Configuration Sketch
import { createMemoryBrain, SQLiteBrainStore } from 'octoflow-brain';
const brain = createMemoryBrain({
store: new SQLiteBrainStore({
path: '.octoflow/brain.sqlite',
maxReplayQueueLength: 10_000,
}),
promoteThreshold: 0.7,
hunchThreshold: 0.45,
weights: {
importance: 0.35,
novelty: 0.2,
reuse: 0.2,
outcome: 0.15,
confidence: 0.1,
},
});The full option surface lives in MemoryBrainOptions.

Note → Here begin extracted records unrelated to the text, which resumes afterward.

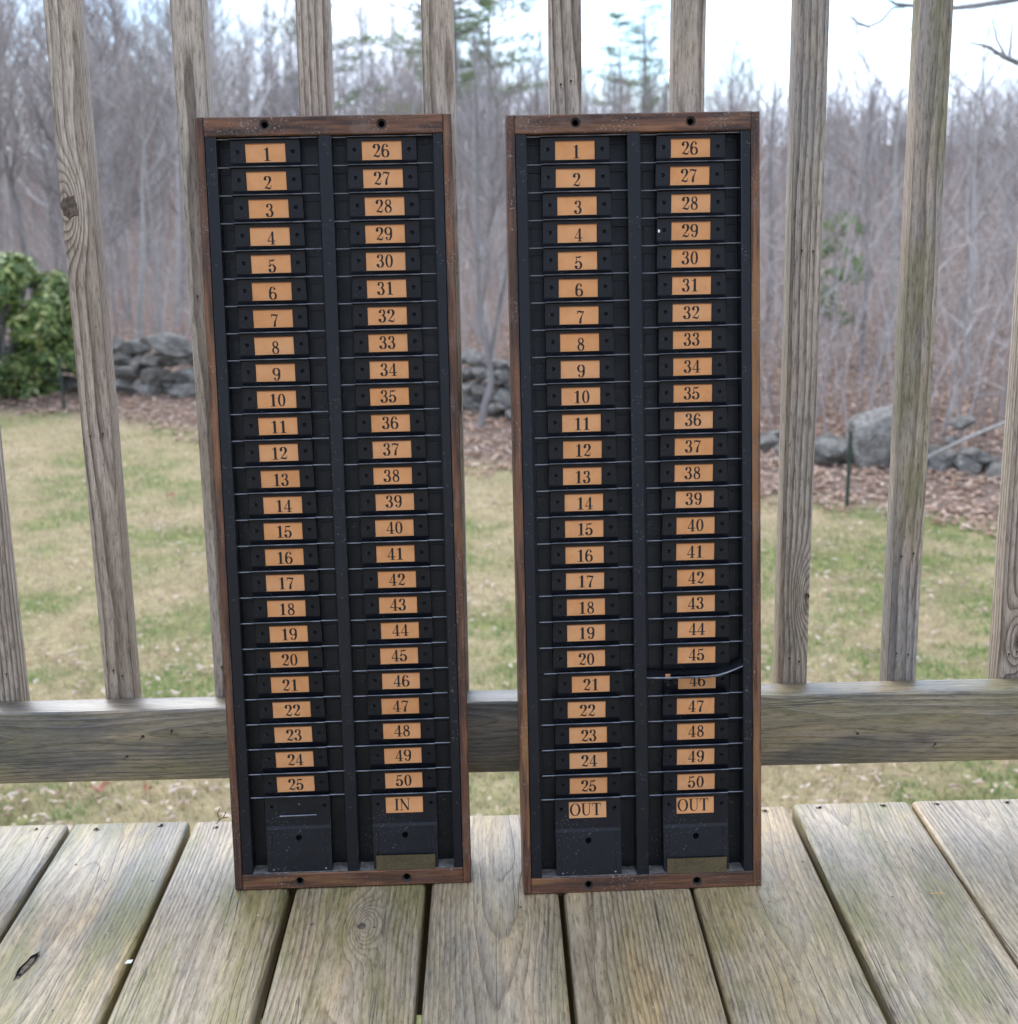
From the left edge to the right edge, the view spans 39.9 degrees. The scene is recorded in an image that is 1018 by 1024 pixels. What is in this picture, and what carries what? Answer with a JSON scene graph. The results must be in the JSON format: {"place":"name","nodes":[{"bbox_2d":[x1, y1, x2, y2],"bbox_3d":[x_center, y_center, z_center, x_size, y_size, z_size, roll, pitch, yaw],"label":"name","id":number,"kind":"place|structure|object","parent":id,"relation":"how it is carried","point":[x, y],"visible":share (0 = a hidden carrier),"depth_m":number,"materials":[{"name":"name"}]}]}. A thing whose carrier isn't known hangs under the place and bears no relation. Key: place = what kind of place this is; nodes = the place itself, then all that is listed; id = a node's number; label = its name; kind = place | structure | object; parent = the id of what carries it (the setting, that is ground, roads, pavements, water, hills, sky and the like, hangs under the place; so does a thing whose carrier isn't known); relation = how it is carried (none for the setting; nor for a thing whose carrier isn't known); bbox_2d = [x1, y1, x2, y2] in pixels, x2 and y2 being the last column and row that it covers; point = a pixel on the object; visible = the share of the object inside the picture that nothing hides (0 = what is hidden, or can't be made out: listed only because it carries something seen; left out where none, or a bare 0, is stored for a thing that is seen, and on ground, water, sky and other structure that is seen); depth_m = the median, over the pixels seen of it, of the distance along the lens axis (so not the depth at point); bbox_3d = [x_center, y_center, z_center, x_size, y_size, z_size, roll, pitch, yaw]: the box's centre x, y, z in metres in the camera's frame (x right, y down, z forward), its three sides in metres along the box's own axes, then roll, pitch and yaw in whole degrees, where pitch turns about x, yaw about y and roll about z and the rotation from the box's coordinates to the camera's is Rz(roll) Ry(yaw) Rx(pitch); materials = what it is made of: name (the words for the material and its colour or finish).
{"place":"outdoors","nodes":[
{"label":"outdoors","id":0,"kind":"place"},
{"bbox_2d":[0,146,1017,1023],"bbox_3d":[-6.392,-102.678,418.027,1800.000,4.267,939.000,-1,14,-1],"label":"ground","id":1,"kind":"structure","parent":0,"point":[50,646],"depth_m":7.96,"materials":[{"name":"plant"}]},
{"bbox_2d":[0,1,43,250],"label":"bare tree","id":2,"kind":"object","parent":1,"relation":"on","point":[2,172],"visible":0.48,"depth_m":23.11,"materials":[{"name":"grey plant"}]},
{"bbox_2d":[0,30,49,253],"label":"bare tree","id":3,"kind":"object","parent":1,"relation":"on","point":[9,219],"visible":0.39,"depth_m":25.75,"materials":[{"name":"grey plant"}]},
{"bbox_2d":[0,1,57,251],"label":"bare tree","id":4,"kind":"object","parent":1,"relation":"on","point":[27,196],"visible":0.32,"depth_m":35.93,"materials":[{"name":"grey plant"}]},
{"bbox_2d":[0,251,76,400],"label":"evergreen bush","id":5,"kind":"object","parent":1,"relation":"on","point":[43,320],"visible":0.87,"depth_m":13.89,"materials":[{"name":"green plant"}]},
{"bbox_2d":[0,0,88,272],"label":"bare tree","id":6,"kind":"object","parent":1,"relation":"on","point":[31,95],"visible":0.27,"depth_m":29.69,"materials":[{"name":"grey plant"}]},
{"bbox_2d":[0,89,107,274],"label":"bare tree","id":7,"kind":"object","parent":1,"relation":"on","point":[51,222],"visible":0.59,"depth_m":17.02,"materials":[{"name":"grey plant"}]},
{"bbox_2d":[0,0,108,299],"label":"bare tree","id":8,"kind":"object","parent":1,"relation":"on","point":[10,173],"visible":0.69,"depth_m":17.61,"materials":[{"name":"grey plant"}]},
{"bbox_2d":[8,31,107,271],"bbox_3d":[-9.958,-8.082,30.850,2.053,5.686,2.811,0,14,5],"label":"bare tree","id":9,"kind":"object","parent":1,"relation":"on","point":[53,151],"visible":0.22,"depth_m":30.57,"materials":[{"name":"grey plant"}]},
{"bbox_2d":[26,0,143,274],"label":"bare tree","id":10,"kind":"object","parent":1,"relation":"on","point":[111,113],"visible":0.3,"depth_m":29.61,"materials":[{"name":"grey plant"}]},
{"bbox_2d":[2,0,167,248],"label":"bare tree","id":11,"kind":"object","parent":1,"relation":"on","point":[94,10],"visible":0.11,"depth_m":38.92,"materials":[{"name":"grey plant"}]},
{"bbox_2d":[0,0,169,187],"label":"bare tree","id":12,"kind":"object","parent":1,"relation":"on","point":[32,17],"visible":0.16,"depth_m":39.25,"materials":[{"name":"grey plant"}]},
{"bbox_2d":[0,0,173,290],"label":"bare tree","id":13,"kind":"object","parent":1,"relation":"on","point":[98,14],"visible":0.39,"depth_m":25.48,"materials":[{"name":"grey plant"}]},
{"bbox_2d":[0,0,179,250],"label":"bare tree","id":14,"kind":"object","parent":1,"relation":"on","point":[98,115],"visible":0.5,"depth_m":16.45,"materials":[{"name":"grey plant"}]},
{"bbox_2d":[35,66,146,221],"bbox_3d":[-4.990,-3.810,17.291,1.262,3.706,1.272,2,14,10],"label":"bare tree","id":15,"kind":"object","parent":1,"relation":"on","point":[99,163],"visible":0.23,"depth_m":17.24,"materials":[{"name":"grey plant"}]},
{"bbox_2d":[32,0,165,243],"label":"bare tree","id":16,"kind":"object","parent":1,"relation":"on","point":[115,31],"visible":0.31,"depth_m":38.21,"materials":[{"name":"grey plant"}]},
{"bbox_2d":[55,52,180,338],"bbox_3d":[-4.239,-3.493,15.787,1.769,3.310,0.868,-4,14,-10],"label":"birch","id":17,"kind":"object","parent":1,"relation":"on","point":[140,298],"visible":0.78,"depth_m":15.78,"materials":[{"name":"plant"}]},
{"bbox_2d":[92,66,143,319],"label":"bare tree","id":18,"kind":"object","parent":1,"relation":"on","point":[126,252],"visible":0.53,"depth_m":20.74,"materials":[{"name":"grey plant"}]},
{"bbox_2d":[84,0,155,240],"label":"bare tree","id":19,"kind":"object","parent":1,"relation":"on","point":[110,67],"visible":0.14,"depth_m":42.02,"materials":[{"name":"grey plant"}]},
{"bbox_2d":[96,98,146,319],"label":"bare tree","id":20,"kind":"object","parent":1,"relation":"on","point":[115,179],"visible":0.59,"depth_m":20.91,"materials":[{"name":"grey plant"}]},
{"bbox_2d":[46,0,212,226],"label":"bare tree","id":21,"kind":"object","parent":1,"relation":"on","point":[118,88],"visible":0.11,"depth_m":42.24,"materials":[{"name":"grey plant"}]},
{"bbox_2d":[102,1,184,333],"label":"bare tree","id":22,"kind":"object","parent":1,"relation":"on","point":[158,309],"visible":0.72,"depth_m":17.04,"materials":[{"name":"grey plant"}]},
{"bbox_2d":[87,0,221,264],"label":"bare tree","id":23,"kind":"object","parent":1,"relation":"on","point":[144,186],"visible":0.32,"depth_m":33.31,"materials":[{"name":"grey plant"}]},
{"bbox_2d":[33,0,287,324],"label":"bare tree","id":24,"kind":"object","parent":1,"relation":"on","point":[176,210],"visible":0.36,"depth_m":19.73,"materials":[{"name":"grey plant"}]},
{"bbox_2d":[98,1,236,298],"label":"bare tree","id":25,"kind":"object","parent":1,"relation":"on","point":[181,200],"visible":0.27,"depth_m":24.27,"materials":[{"name":"grey plant"}]},
{"bbox_2d":[119,12,216,224],"bbox_3d":[-6.953,-7.710,29.205,2.348,5.598,2.002,-4,14,-14],"label":"bare tree","id":26,"kind":"object","parent":1,"relation":"on","point":[154,81],"visible":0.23,"depth_m":28.92,"materials":[{"name":"grey plant"}]},
{"bbox_2d":[48,0,297,165],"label":"bare tree","id":27,"kind":"object","parent":1,"relation":"on","point":[229,81],"visible":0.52,"depth_m":17.60,"materials":[{"name":"grey plant"}]},
{"bbox_2d":[99,0,271,264],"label":"bare tree","id":28,"kind":"object","parent":1,"relation":"on","point":[160,206],"visible":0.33,"depth_m":32.86,"materials":[{"name":"grey plant"}]},
{"bbox_2d":[139,33,249,179],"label":"bare tree","id":29,"kind":"object","parent":1,"relation":"on","point":[214,95],"visible":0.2,"depth_m":20.48,"materials":[{"name":"grey plant"}]},
{"bbox_2d":[148,0,267,115],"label":"bare tree","id":30,"kind":"object","parent":1,"relation":"on","point":[223,24],"visible":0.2,"depth_m":42.65,"materials":[{"name":"grey plant"}]},
{"bbox_2d":[143,0,296,116],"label":"bare tree","id":31,"kind":"object","parent":1,"relation":"on","point":[228,39],"visible":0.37,"depth_m":39.47,"materials":[{"name":"grey plant"}]},
{"bbox_2d":[232,0,296,115],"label":"bare tree","id":32,"kind":"object","parent":1,"relation":"on","point":[266,35],"visible":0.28,"depth_m":72.45,"materials":[{"name":"grey plant"}]},
{"bbox_2d":[246,0,295,114],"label":"bare tree","id":33,"kind":"object","parent":1,"relation":"on","point":[266,20],"visible":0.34,"depth_m":68.74,"materials":[{"name":"grey plant"}]},
{"bbox_2d":[248,0,299,115],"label":"bare tree","id":34,"kind":"object","parent":1,"relation":"on","point":[294,87],"visible":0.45,"depth_m":29.60,"materials":[{"name":"grey plant"}]},
{"bbox_2d":[221,0,347,116],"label":"bare tree","id":35,"kind":"object","parent":1,"relation":"on","point":[283,65],"visible":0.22,"depth_m":43.68,"materials":[{"name":"grey plant"}]},
{"bbox_2d":[227,16,342,116],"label":"bare tree","id":36,"kind":"object","parent":1,"relation":"on","point":[275,94],"visible":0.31,"depth_m":19.92,"materials":[{"name":"grey plant"}]},
{"bbox_2d":[238,0,379,114],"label":"bare tree","id":37,"kind":"object","parent":1,"relation":"on","point":[339,51],"visible":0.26,"depth_m":31.01,"materials":[{"name":"grey plant"}]},
{"bbox_2d":[247,3,382,115],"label":"bare tree","id":38,"kind":"object","parent":1,"relation":"on","point":[279,92],"visible":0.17,"depth_m":34.31,"materials":[{"name":"grey plant"}]},
{"bbox_2d":[259,0,413,114],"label":"pine tree","id":39,"kind":"object","parent":1,"relation":"on","point":[335,46],"visible":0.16,"depth_m":41.81,"materials":[{"name":"green plant"}]},
{"bbox_2d":[333,2,400,114],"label":"bare tree","id":40,"kind":"object","parent":1,"relation":"on","point":[363,72],"visible":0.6,"depth_m":18.63,"materials":[{"name":"grey plant"}]},
{"bbox_2d":[333,0,409,114],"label":"bare tree","id":41,"kind":"object","parent":1,"relation":"on","point":[379,63],"visible":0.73,"depth_m":41.11,"materials":[{"name":"grey plant"}]},
{"bbox_2d":[345,0,409,114],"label":"bare tree","id":42,"kind":"object","parent":1,"relation":"on","point":[376,62],"visible":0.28,"depth_m":52.73,"materials":[{"name":"grey plant"}]},
{"bbox_2d":[335,0,420,114],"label":"bare tree","id":43,"kind":"object","parent":1,"relation":"on","point":[391,51],"visible":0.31,"depth_m":64.70,"materials":[{"name":"grey plant"}]},
{"bbox_2d":[361,1,422,114],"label":"bare tree","id":44,"kind":"object","parent":1,"relation":"on","point":[392,15],"visible":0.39,"depth_m":57.01,"materials":[{"name":"grey plant"}]},
{"bbox_2d":[368,27,422,113],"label":"bare tree","id":45,"kind":"object","parent":1,"relation":"on","point":[400,53],"visible":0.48,"depth_m":41.23,"materials":[{"name":"grey plant"}]},
{"bbox_2d":[380,6,468,154],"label":"bare tree","id":46,"kind":"object","parent":1,"relation":"on","point":[414,80],"visible":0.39,"depth_m":24.83,"materials":[{"name":"grey plant"}]},
{"bbox_2d":[334,0,547,248],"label":"pine tree","id":47,"kind":"object","parent":1,"relation":"on","point":[470,30],"visible":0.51,"depth_m":37.71,"materials":[{"name":"green plant"}]},
{"bbox_2d":[418,38,535,336],"bbox_3d":[-0.463,-4.320,17.773,1.314,4.264,1.698,9,17,35],"label":"bare tree","id":48,"kind":"object","parent":1,"relation":"on","point":[473,173],"visible":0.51,"depth_m":17.88,"materials":[{"name":"grey plant"}]},
{"bbox_2d":[457,106,505,285],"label":"bare tree","id":49,"kind":"object","parent":1,"relation":"on","point":[481,119],"visible":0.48,"depth_m":23.14,"materials":[{"name":"grey plant"}]},
{"bbox_2d":[456,55,506,259],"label":"bare tree","id":50,"kind":"object","parent":1,"relation":"on","point":[478,152],"visible":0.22,"depth_m":33.43,"materials":[{"name":"grey plant"}]},
{"bbox_2d":[456,31,525,265],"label":"bare tree","id":51,"kind":"object","parent":1,"relation":"on","point":[478,90],"visible":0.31,"depth_m":30.61,"materials":[{"name":"grey plant"}]},
{"bbox_2d":[458,45,531,278],"bbox_3d":[-0.288,-6.702,27.012,1.904,4.572,1.632,-3,14,-8],"label":"bare tree","id":52,"kind":"object","parent":1,"relation":"on","point":[496,187],"visible":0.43,"depth_m":26.86,"materials":[{"name":"grey plant"}]},
{"bbox_2d":[456,20,538,286],"bbox_3d":[-0.269,-6.553,25.884,1.917,4.819,1.633,7,16,31],"label":"bare tree","id":53,"kind":"object","parent":1,"relation":"on","point":[487,115],"visible":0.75,"depth_m":25.63,"materials":[{"name":"grey plant"}]},
{"bbox_2d":[0,356,1001,512],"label":"wire fence","id":54,"kind":"object","parent":1,"relation":"on","point":[848,472],"visible":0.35,"depth_m":8.95,"materials":[{"name":"metal"}]},
{"bbox_2d":[456,0,548,233],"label":"pine tree","id":55,"kind":"object","parent":1,"relation":"on","point":[461,39],"visible":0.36,"depth_m":41.84,"materials":[{"name":"green plant"}]},
{"bbox_2d":[5,333,1001,478],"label":"stone wall","id":56,"kind":"structure","parent":1,"relation":"on","point":[172,350],"depth_m":13.70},
{"bbox_2d":[0,309,1011,539],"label":"leaf litter","id":57,"kind":"object","parent":1,"relation":"on","point":[979,509],"visible":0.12,"depth_m":11.77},
{"bbox_2d":[0,799,1017,1023],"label":"deck","id":58,"kind":"structure","parent":1,"relation":"on","point":[835,922],"depth_m":1.43,"materials":[{"name":"grey wood"}]},
{"bbox_2d":[195,113,471,889],"bbox_3d":[-0.180,0.001,1.504,0.259,0.820,0.059,-2,8,-2],"label":"time card rack","id":59,"kind":"object","parent":58,"relation":"on","point":[328,260],"visible":1,"depth_m":1.48,"materials":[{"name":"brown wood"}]},
{"bbox_2d":[0,0,1017,783],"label":"deck railing","id":60,"kind":"object","parent":58,"relation":"on","point":[124,730],"visible":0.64,"depth_m":1.57,"materials":[{"name":"grey wood"}]},
{"bbox_2d":[504,111,761,893],"bbox_3d":[0.135,-0.001,1.498,0.258,0.820,0.059,-2,7,-2],"label":"time card rack","id":61,"kind":"object","parent":58,"relation":"on","point":[633,250],"visible":1,"depth_m":1.48,"materials":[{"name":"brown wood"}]},
{"bbox_2d":[0,0,1017,244],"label":"wood","id":62,"kind":"object","parent":1,"relation":"on","point":[952,115],"visible":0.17,"depth_m":56.81,"materials":[{"name":"grey plant"}]},
{"bbox_2d":[0,104,1017,454],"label":"undergrowth","id":63,"kind":"object","parent":1,"relation":"on","point":[974,366],"visible":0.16,"depth_m":14.12,"materials":[{"name":"grey plant"}]},
{"bbox_2d":[0,406,1017,830],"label":"lawn leaves","id":64,"kind":"object","parent":1,"relation":"on","point":[212,788],"visible":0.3,"depth_m":6.43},
{"bbox_2d":[484,16,548,120],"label":"bare tree","id":65,"kind":"object","parent":1,"relation":"on","point":[531,65],"visible":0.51,"depth_m":53.88,"materials":[{"name":"grey plant"}]},
{"bbox_2d":[486,26,548,186],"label":"bare tree","id":66,"kind":"object","parent":1,"relation":"on","point":[538,79],"visible":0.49,"depth_m":25.48,"materials":[{"name":"grey plant"}]},
{"bbox_2d":[396,0,657,428],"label":"forked tree","id":67,"kind":"object","parent":1,"relation":"on","point":[489,356],"visible":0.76,"depth_m":11.45,"materials":[{"name":"grey plant"}]},
{"bbox_2d":[589,34,641,113],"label":"bare tree","id":68,"kind":"object","parent":1,"relation":"on","point":[613,86],"visible":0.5,"depth_m":18.60,"materials":[{"name":"grey plant"}]},
{"bbox_2d":[582,6,661,112],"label":"pine tree","id":69,"kind":"object","parent":1,"relation":"on","point":[613,15],"visible":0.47,"depth_m":55.35,"materials":[{"name":"green plant"}]},
{"bbox_2d":[598,0,669,112],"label":"pine tree","id":70,"kind":"object","parent":1,"relation":"on","point":[631,55],"visible":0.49,"depth_m":59.11,"materials":[{"name":"green plant"}]},
{"bbox_2d":[607,9,669,112],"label":"tree","id":71,"kind":"object","parent":1,"relation":"on","point":[642,102],"visible":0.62,"depth_m":18.68,"materials":[{"name":"grey plant"}]},
{"bbox_2d":[704,33,736,110],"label":"bare tree","id":72,"kind":"object","parent":1,"relation":"on","point":[722,43],"visible":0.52,"depth_m":74.33,"materials":[{"name":"grey plant"}]},
{"bbox_2d":[704,24,757,111],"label":"bare tree","id":73,"kind":"object","parent":1,"relation":"on","point":[720,80],"visible":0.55,"depth_m":28.80,"materials":[{"name":"grey plant"}]},
{"bbox_2d":[707,40,787,243],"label":"bare tree","id":74,"kind":"object","parent":1,"relation":"on","point":[777,134],"visible":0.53,"depth_m":20.52,"materials":[{"name":"grey plant"}]},
{"bbox_2d":[725,44,784,210],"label":"bare tree","id":75,"kind":"object","parent":1,"relation":"on","point":[739,83],"visible":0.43,"depth_m":27.52,"materials":[{"name":"grey plant"}]},
{"bbox_2d":[716,0,847,340],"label":"bare tree","id":76,"kind":"object","parent":1,"relation":"on","point":[771,197],"visible":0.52,"depth_m":17.03,"materials":[{"name":"grey plant"}]},
{"bbox_2d":[814,433,847,464],"bbox_3d":[2.337,-0.457,10.321,0.399,0.250,0.425,-3,-3,19],"label":"boulder","id":77,"kind":"object","parent":1,"relation":"on","point":[825,448],"visible":0.65,"depth_m":10.16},
{"bbox_2d":[825,70,860,237],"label":"bare tree","id":78,"kind":"object","parent":1,"relation":"on","point":[841,133],"visible":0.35,"depth_m":37.84,"materials":[{"name":"grey plant"}]},
{"bbox_2d":[823,53,866,237],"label":"bare tree","id":79,"kind":"object","parent":1,"relation":"on","point":[833,139],"visible":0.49,"depth_m":34.53,"materials":[{"name":"grey plant"}]},
{"bbox_2d":[819,186,872,364],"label":"young evergreen","id":80,"kind":"object","parent":1,"relation":"on","point":[831,271],"visible":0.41,"depth_m":15.01,"materials":[{"name":"green plant"}]},
{"bbox_2d":[831,105,899,265],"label":"bare tree","id":81,"kind":"object","parent":1,"relation":"on","point":[862,201],"visible":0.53,"depth_m":24.17,"materials":[{"name":"grey plant"}]},
{"bbox_2d":[825,71,906,261],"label":"bare tree","id":82,"kind":"object","parent":1,"relation":"on","point":[889,128],"visible":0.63,"depth_m":28.77,"materials":[{"name":"grey plant"}]},
{"bbox_2d":[832,88,902,256],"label":"bare tree","id":83,"kind":"object","parent":1,"relation":"on","point":[858,175],"visible":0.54,"depth_m":24.48,"materials":[{"name":"grey plant"}]},
{"bbox_2d":[848,404,892,468],"bbox_3d":[2.718,-0.535,10.210,0.501,0.447,0.373,-10,18,-13],"label":"boulder","id":84,"kind":"object","parent":1,"relation":"on","point":[873,427],"visible":0.45,"depth_m":10.05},
{"bbox_2d":[762,0,986,371],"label":"bare tree","id":85,"kind":"object","parent":1,"relation":"on","point":[887,217],"visible":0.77,"depth_m":14.23,"materials":[{"name":"grey plant"}]},
{"bbox_2d":[823,2,981,354],"bbox_3d":[4.281,-3.846,15.767,2.026,4.134,1.639,-1,14,-1],"label":"bare tree","id":86,"kind":"object","parent":1,"relation":"on","point":[895,215],"visible":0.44,"depth_m":15.66,"materials":[{"name":"grey plant"}]},
{"bbox_2d":[849,0,1017,65],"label":"overhanging tree","id":87,"kind":"object","parent":1,"relation":"on","point":[1004,56],"visible":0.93,"depth_m":5.17,"materials":[{"name":"grey plant"}]},
{"bbox_2d":[865,108,1017,246],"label":"bare tree","id":88,"kind":"object","parent":1,"relation":"on","point":[902,135],"visible":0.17,"depth_m":17.34,"materials":[{"name":"grey plant"}]},
{"bbox_2d":[895,0,1017,385],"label":"bare tree","id":89,"kind":"object","parent":1,"relation":"on","point":[974,155],"visible":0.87,"depth_m":13.15,"materials":[{"name":"grey plant"}]},
{"bbox_2d":[928,421,1004,459],"bbox_3d":[3.420,-0.594,9.532,1.212,0.459,0.030,-2,14,-5],"label":"dead pole","id":90,"kind":"object","parent":1,"relation":"on","point":[948,447],"visible":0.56,"depth_m":9.52,"materials":[{"name":"grey wood"}]},
{"bbox_2d":[945,90,988,241],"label":"bare tree","id":91,"kind":"object","parent":1,"relation":"on","point":[965,160],"visible":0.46,"depth_m":37.79,"materials":[{"name":"grey plant"}]},
{"bbox_2d":[942,25,1017,335],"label":"bare tree","id":92,"kind":"object","parent":1,"relation":"on","point":[971,203],"visible":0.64,"depth_m":17.04,"materials":[{"name":"grey plant"}]},
{"bbox_2d":[949,18,1017,245],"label":"bare tree","id":93,"kind":"object","parent":1,"relation":"on","point":[1008,170],"visible":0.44,"depth_m":20.16,"materials":[{"name":"grey plant"}]},
{"bbox_2d":[959,65,1017,296],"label":"bare tree","id":94,"kind":"object","parent":1,"relation":"on","point":[1010,179],"visible":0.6,"depth_m":21.47,"materials":[{"name":"grey plant"}]},
{"bbox_2d":[963,67,1017,255],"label":"bare tree","id":95,"kind":"object","parent":1,"relation":"on","point":[985,175],"visible":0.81,"depth_m":16.87,"materials":[{"name":"grey plant"}]},
{"bbox_2d":[963,74,1017,258],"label":"bare tree","id":96,"kind":"object","parent":1,"relation":"on","point":[985,154],"visible":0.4,"depth_m":30.27,"materials":[{"name":"grey plant"}]},
{"bbox_2d":[0,406,1017,1023],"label":"lawn grass","id":97,"kind":"structure","parent":0,"point":[476,646],"depth_m":7.01,"materials":[{"name":"plant"}]},
{"bbox_2d":[0,0,1017,156],"label":"sky","id":98,"kind":"structure","parent":0,"point":[886,38],"materials":[{"name":"white"}]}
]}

See docs/brain-production.md for the production checklist, error catalog, and the canonical option reference.
Layer Stack
| Layer | Purpose | Notes |
| -------------------------------------- | ----------------------------------- | ---------------------------------------------------------------------------------------------- |
| lexicalLayer() | Declares lexical recall capability. | Core recall already performs keyword/Bloom matching; the layer is a visible capability marker. |
| vectorLayer({ embedder }) | Declares vector recall capability. | Pass the same embedder to createMemoryBrain({ embedder }); the marker alone does not embed. |
| contextualChunkingLayer({ context }) | Adds stable context before storage. | Preserves original text in metadata.originalText. |
| mmrLayer() | Diversifies recall results. | Applies MMR after recall to reduce near-duplicate results. |
| productionSafetyLayer() | Hardens production memory. | Redacts/rejects sensitive data, requires scope IDs, and downgrades weak external evidence. |
| createRerankerLayer() | Custom post-recall ranking. | Use for domain rerankers, recency boosts, or business-specific priority. |
Presets
Every preset starts with lexical. The vector layer is added on any preset whenever you pass an embedder in the preset options — it is not gated by preset name. The differences between presets are the additional layers and the replay budget:
| Preset | Use case | Adds on top of lexical + (optional) vector |
| ------------ | --------------------------------------- | -------------------------------------------------------------------------------------------------------------- |
| local | Tests, demos, ephemeral brains. | Nothing. No storage requirement. |
| hybrid | Single-process app with on-disk SQLite. | Nothing extra — just a sane storage default. |
| quality | Tuned for recall quality. | contextual-chunking (when context is provided) and mmr (unless mmr: false). |
| production | Multi-tenant deployments. | Everything quality adds, plus production-safety and a replay budget biased toward failures (fails: 0.6). |
All non-local presets require either a sqlitePath or skipStorage: true (when storage is configured separately). These presets apply to local/OOTB MemoryBrain; remote shared brains should expose equivalent behavior in the service implementation.
Learn More
../../docs/brain.md- full cognitive memory guide.../../docs/configuration.md- enabling brain-backed memory from config.../octoflow-examples/src/brain- runnable memory examples.../octoflow-protocols- memory contract types.
Validate
npm run -w octoflow-brain lint
npm run -w octoflow-brain typecheck
npm run -w octoflow-brain test
npm run -w octoflow-brain pack:smokeSQLite-backed tests must stay isolated from real user databases. Prefer :memory: for behavior tests; use createSqliteTestPath() from src/__tests__/test-fixtures.ts when a test must verify file-backed persistence or migrations. External vector and embedder adapters should be tested with injected fetch fixtures rather than live Qdrant, Chroma, Ollama, or hosted embedding services.
Status
The npm package is versioned as 1.0.0, but the memory policies, scoring heuristics, and production presets are still marked beta while real-world recall patterns settle. Pin exact versions, run the package benchmarks against your own corpus, and read ../../CHANGELOG.md before depending on it in production.